Alexander Livingston
  • 9.  Livingston, Livingston and the Tomato, 157.
A portrait of Alexander Livingston
Portrait and signature of Alexander Livingston, appearing in Livingston and the Tomato (1893).

A NEW TOMATO MANIA?

Since the 19th century, the tomato has only secured its place further as fresh, flavorful, and one of the most favored fruits and vegetables across the world. From the legend of the Salem tomato trials, to Bennett’s pseudo medicine, tomatoes have clearly captured our intrigue for centuries. 
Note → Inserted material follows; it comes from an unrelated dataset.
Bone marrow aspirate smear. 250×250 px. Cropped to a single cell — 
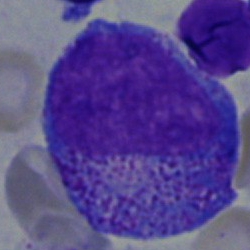Morphology consistent with a progranulocyte.

Are we now in the midst of another tomato mania? The emergence of this year’s Gen Z trend, “tomato girl summer” seems to concur. The online style trend romanticizes an effortless, European lifestyle through clothing choices and scenic photographs, cooking and eating Mediterranean food—including the fruit of the hour, the tomato. According to Aesthetics Wiki, key elements of the aesthetic include “sun-kissed skin”, “dressing up like an ‘Italian grandmother’” and “wandering through farmers’ markets”.

An article on Today explains the trend as, “girl dinner meets the Mediterranean diet”. 10Spanish fashion house LOEWE has recently released a range of home fragrances including a Tomato Leaves scented candle, room spray and incense (the miracle Tomato Pill of the modern day). The evolution of the messaging and connotations of the tomato suggests that now, the mere mention of the word can evoke a feeling, a lifestyle, a ‘look’. A search of the term ‘tomato girl summer’ on Instagram returns thousands of posts, from make-up tutorials to interiors, styled food still lifes to recipe videos. Perhaps there really is a suspicious substance within the tomato, that drives us to obsession—from a poison, to a cure-all medicine, and now, the answer to a 21st century way of living.